It is going to be an interesting book, as I am interested in both SDN and BigData, and this is a topic that covers both.

Monday, August 15, 2016

How not to send a follow up (marketing / sales) email

Today I received another follow up email. Ever since I came to the US, I am getting many of these. This is probably the worst follow up email I received from a big company. I previously had received emails from some other companies. They were better in nature. At one instance, one company was too eager in sales email and sent more email even after I clearly indicated I am no longer evaluating them since I am busy. But this takes everything to new level.
Creepy and lazy follow up email hurts more than helps

So the title says "follow up from download". First no proper title - no correct capitalization.

The email starts with Hi {FirstName}. They are too lazy to check the email formatter. Just like you would spend time on testing the product, please spend time on testing these email sender programs.
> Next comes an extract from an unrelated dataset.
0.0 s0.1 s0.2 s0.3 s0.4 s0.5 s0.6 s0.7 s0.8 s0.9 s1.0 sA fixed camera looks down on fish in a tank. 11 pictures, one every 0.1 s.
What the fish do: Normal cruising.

That will help you a lot.

"Saw you had a chance to download.."
Comes to the point too quick. Somewhat scary, and reads like someone was monitoring/watching/seeing my whole activity.

".. download our Community Edition (M3)"
I swear to the God that I do not remember what product he is referring to. It would be better, if you mention the product name instead of only "Community Edition". M3 can even be omitted.
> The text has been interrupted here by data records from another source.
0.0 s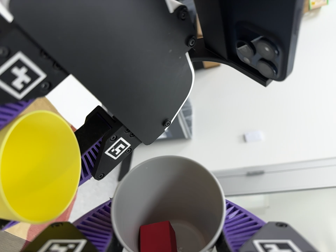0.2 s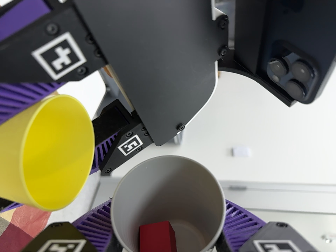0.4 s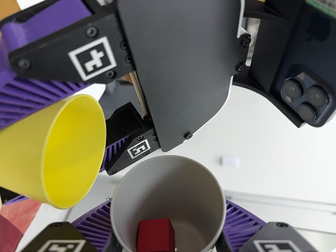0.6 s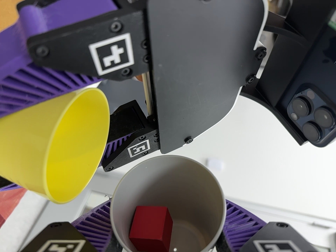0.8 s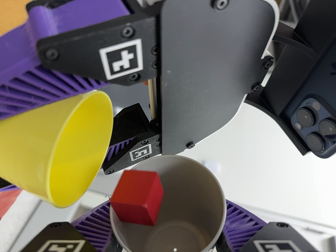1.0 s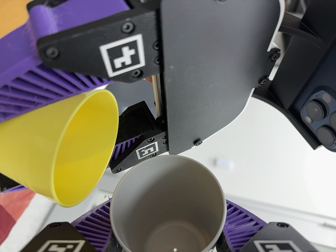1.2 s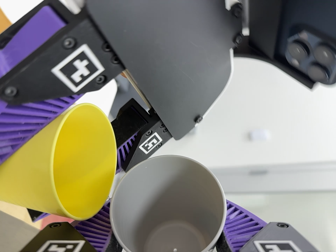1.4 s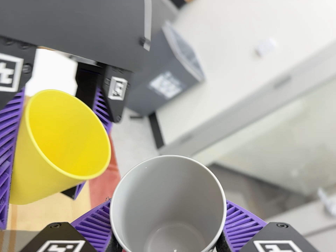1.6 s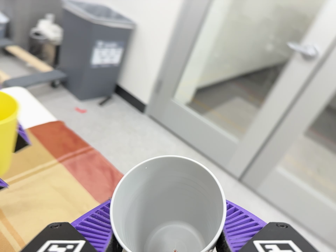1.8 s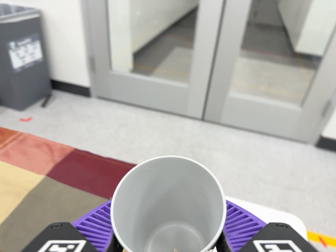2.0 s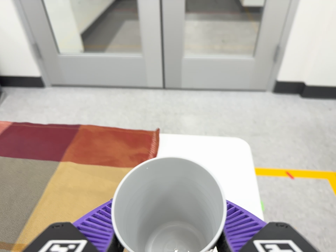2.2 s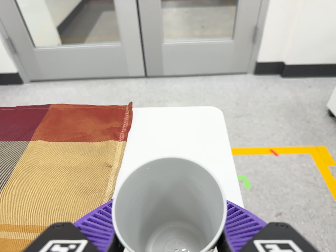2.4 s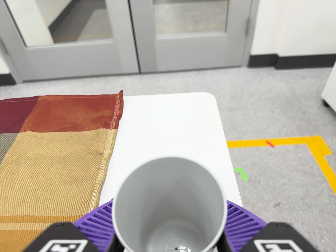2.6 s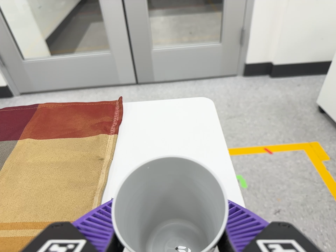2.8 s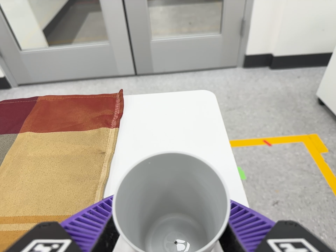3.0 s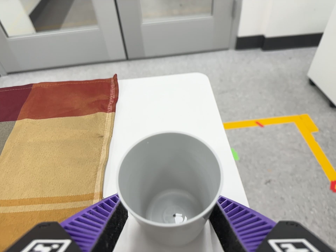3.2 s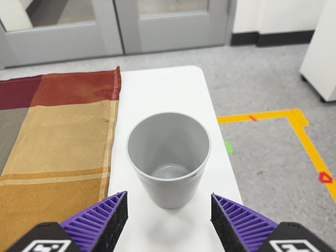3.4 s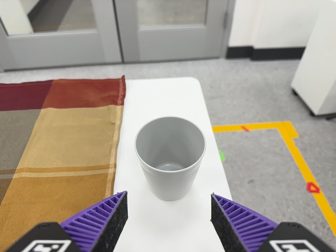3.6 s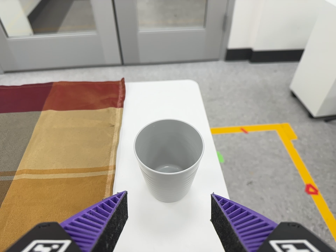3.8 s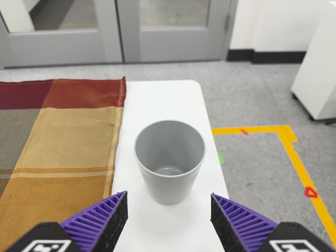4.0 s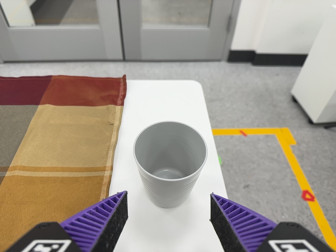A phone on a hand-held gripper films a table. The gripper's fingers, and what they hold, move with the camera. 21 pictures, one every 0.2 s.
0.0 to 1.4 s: The camera's aim tips toward the bottom of its view by about 10 degrees, and the scene shifts upward. It rolls about its line of sight by about 25 degrees, and the scene rotates counterclockwise.
1.4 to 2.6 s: The camera swings to its right by about 20 degrees, and the scene slides to the left. It travels to its right and toward the bottom of its view, about 32 cm, so close, fixed things drift to the left. Its aim tips toward the bottom of its view by about 20 degrees, and the scene shifts upward. It rolls about its line of sight by about 80 degrees, and the scene rotates counterclockwise.
2.6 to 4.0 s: The camera travels backward, about 8 cm, so what stands in front gets smaller.
The film runs forward here.

"A lot of our customers are happy with community support. However, some have come back asking to provide enterprise grade support. We're pleased to announce we now support enterprise grade.."
The fact that "some have come back asking for paid support" does not motivate me to get it. There is no new information provided to arouse my curiosity or interest, except some filler sentence.

"I can fill you in on details if you're interested."
No thanks. I am not going to waste time dealing with automated telephone calls or more emails. In fact, I am not going to reply a "No thanks" either. This blog post should be sufficient.
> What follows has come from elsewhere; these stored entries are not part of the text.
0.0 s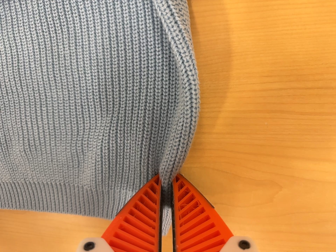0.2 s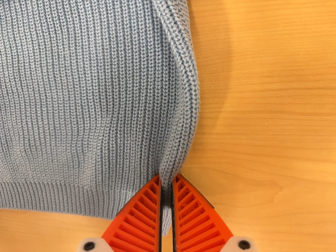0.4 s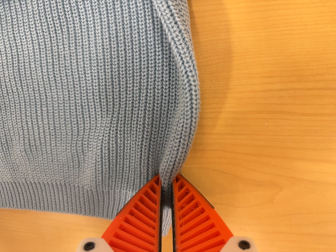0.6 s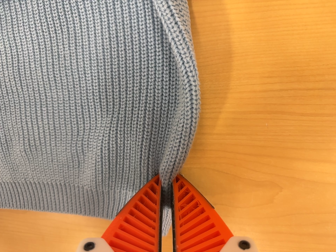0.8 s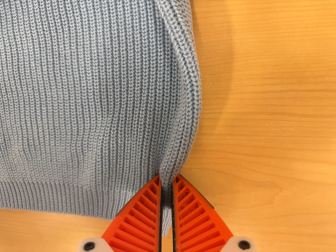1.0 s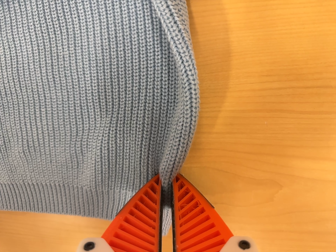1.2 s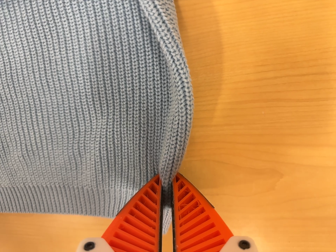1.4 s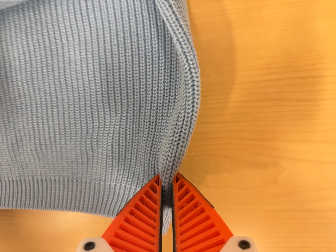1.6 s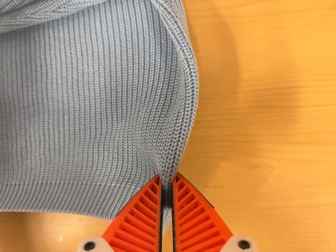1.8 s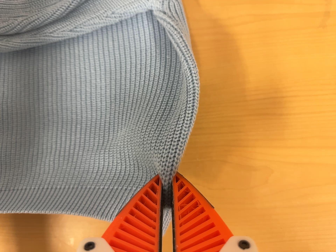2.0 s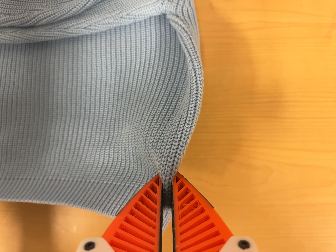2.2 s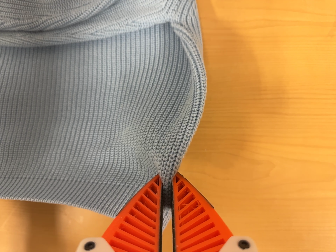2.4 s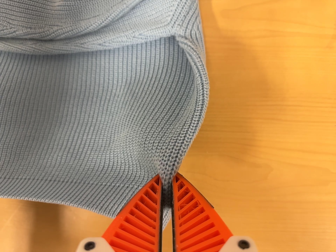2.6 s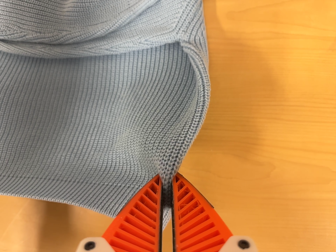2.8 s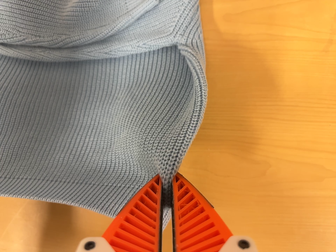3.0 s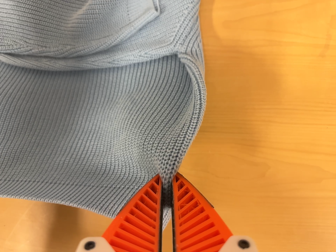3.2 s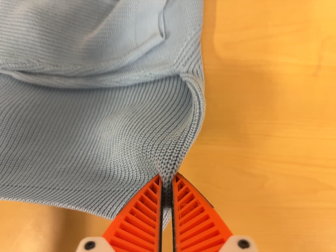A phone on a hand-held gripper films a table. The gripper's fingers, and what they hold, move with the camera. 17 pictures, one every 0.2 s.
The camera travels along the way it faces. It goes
backward.
0.0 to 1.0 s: The camera travels to its right, about 5 cm, so close, fixed things drift to the left.
1.0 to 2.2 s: The camera travels backward, to its left and toward the bottom of its view, about 12 cm, so what stands in front gets smaller. Its aim tips toward the top of its view by about 10 degrees.
2.2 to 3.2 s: The camera travels backward, about 6 cm, so what stands in front gets smaller.
The film runs forward here.

"Do you have time to connect sometime this week?"
Certainly not. Why would I connect with some emailing bot for no reason?

"Best,
David"
Too common name with no results in Google or LinkedIn search for full name with company. Probably a made up name.
The not-so-improved further follow up emails.

I indeed opened this email (and further follow-up emails from the same sales person) despite its lack of interest in the title just because of the company that sent this. Now they have lost my reply. However, I decided to make a blog post to summarize my learning. If you are going to send a customer a follow up email, use it as an opportunity. Don't send a random email just because you learned somewhere that sending a follow up email would earn you a customer. Better wait for the moment and send the right mail than a random one, like the one I dissected above.

Later Update
As you can see above, I received further follow up emails. In the second email, you may see he just mentions

"I wanted to follow up from my previous email. 
 
Are you available for a quick call this week?
 
This does not add any value to the previous email, and vague at its best. 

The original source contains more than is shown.